In this post we will look at a somewhat uncommon use of the pandas dataframe library - reading data from web pages.
Pandas has a function
read_html() that will scrape the tables on an html page into a list of dataframes. It is a quick and easy way to read data from a webpage into dataframes for later analysis, and is particularly good at Wikipedia pages, which tend to contain tables with useful reference data.
The following code extracts a dataframe containing a list of soverign states from Wikipedia.
url = 'https://en.wikipedia.org/wiki/List_of_sovereign_states' tables = pd.read_html(url) # Get the table, drop the first row and fill NAs tables.drop().fillna('')
A couple things to note:
- If there are more than 1 tables in the returned list then you will need to know which table(s) contain the data you are looking for.
- Pandas will apply headers if they are within <th> elements. If pandas cannot detect headers then you can pass the row number to use for headers.
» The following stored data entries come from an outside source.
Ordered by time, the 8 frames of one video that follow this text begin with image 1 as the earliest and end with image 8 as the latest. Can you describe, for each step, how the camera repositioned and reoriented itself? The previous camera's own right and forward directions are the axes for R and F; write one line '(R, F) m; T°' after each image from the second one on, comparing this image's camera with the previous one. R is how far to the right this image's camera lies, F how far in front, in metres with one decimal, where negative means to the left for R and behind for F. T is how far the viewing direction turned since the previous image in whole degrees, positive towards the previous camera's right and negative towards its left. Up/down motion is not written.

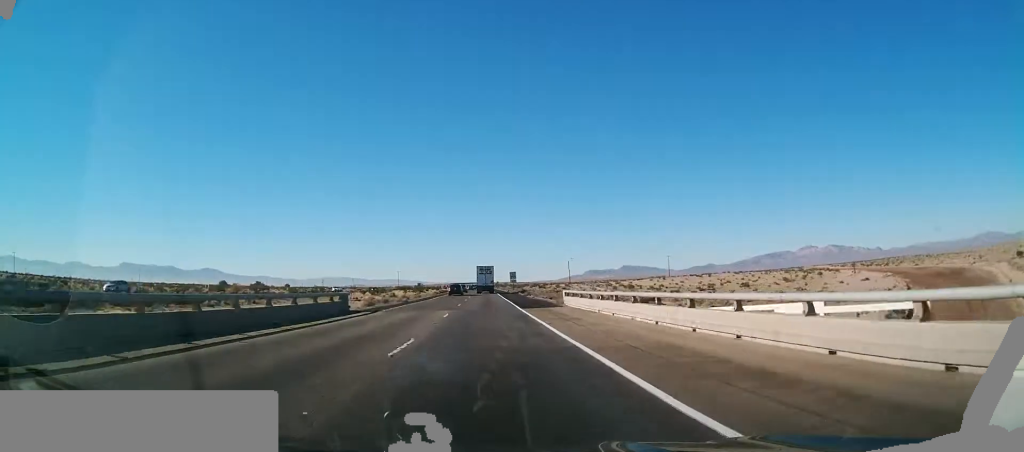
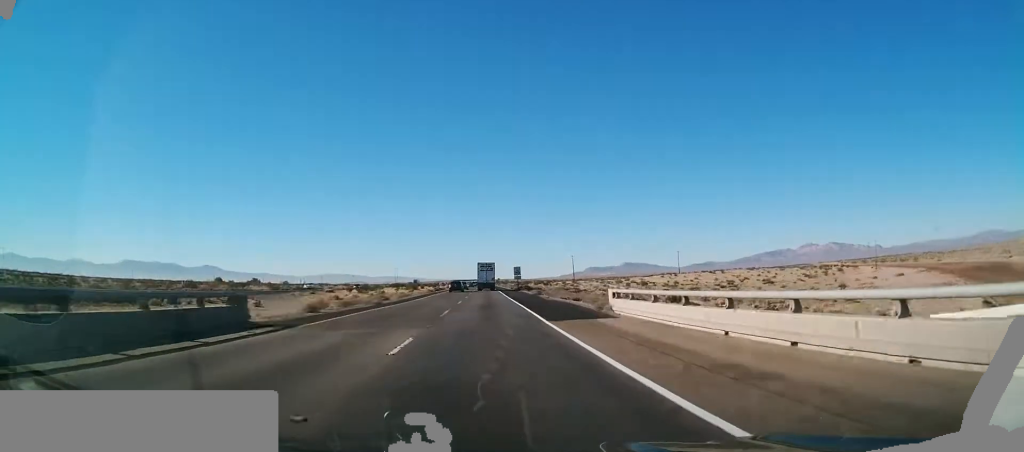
(-0.3, +14.8) m; 0°
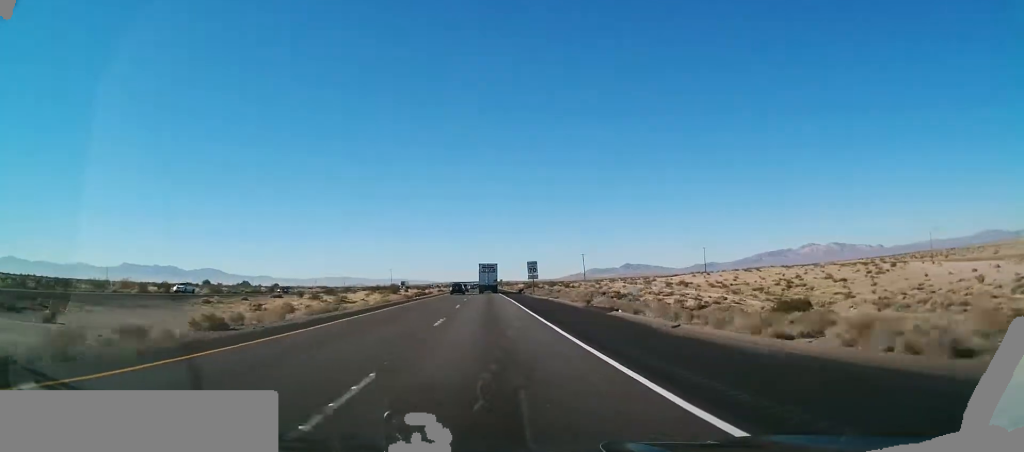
(+0.2, +34.4) m; 0°
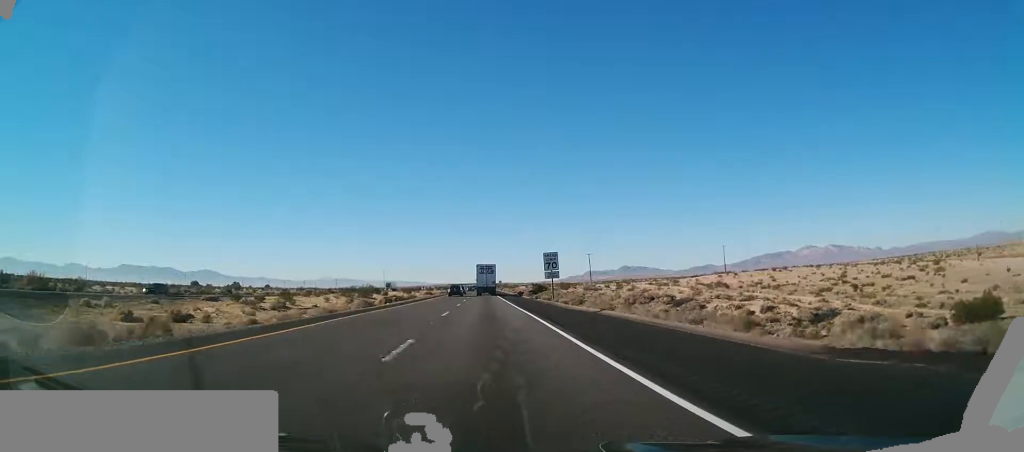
(0.0, +24.1) m; 0°
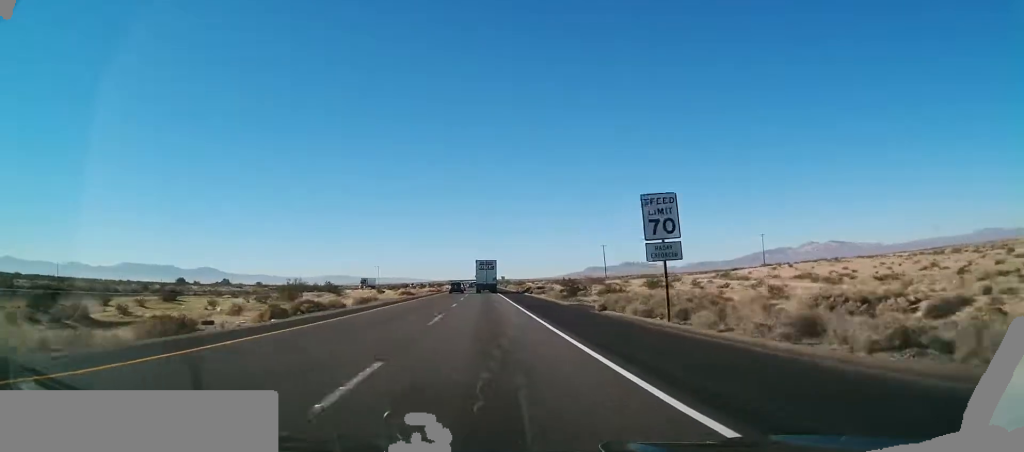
(+0.1, +33.3) m; 0°
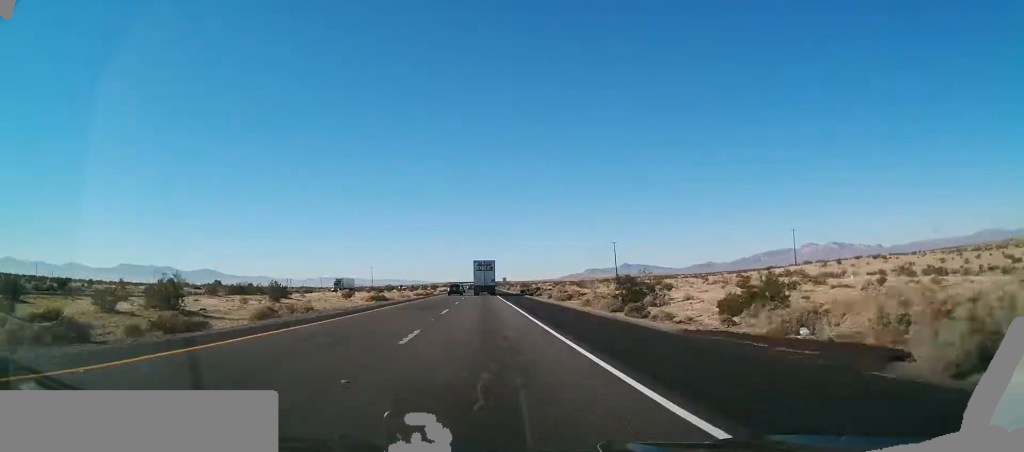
(+0.1, +21.9) m; 0°
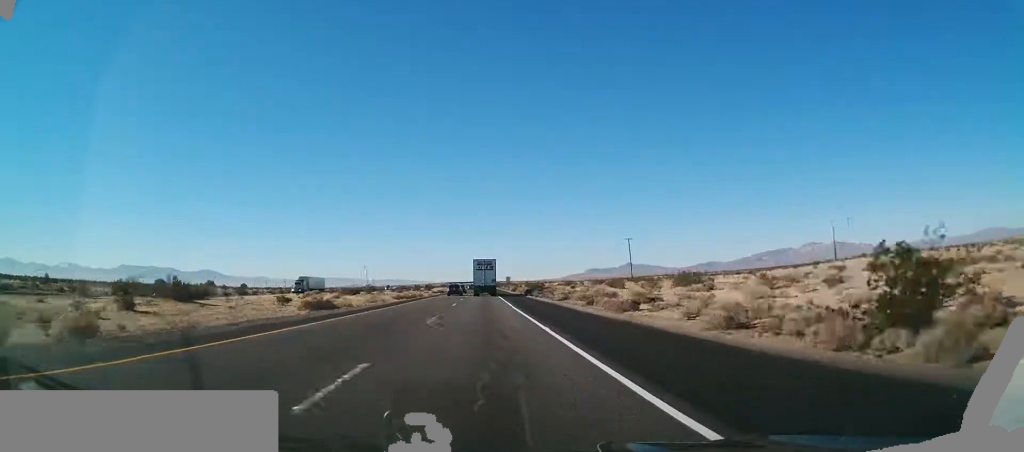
(0.0, +22.0) m; 0°
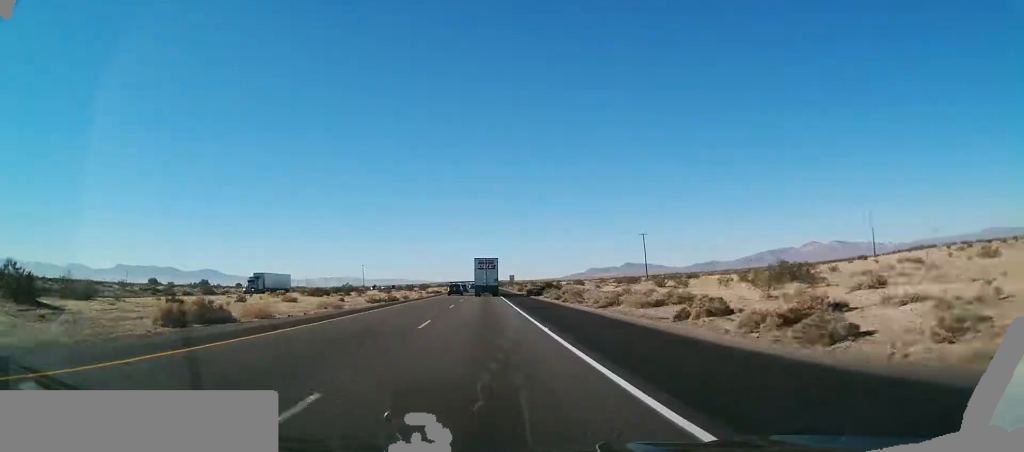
(0.0, +17.5) m; 0°

tables = pd.read_html(url, header=0)
- read_html will throw an exception if no tables are found on a page
More Complicated Pages
Using read_html works for fairly simple parsing jobs. If you need to grab data that is not within tables, or element attributes such as anchor href, then you are better off using the requests and bs4 libraries. But give how easily you ca pull data from web pages into dataframes in a few lines of code, it’s a useful tool in your toolbox.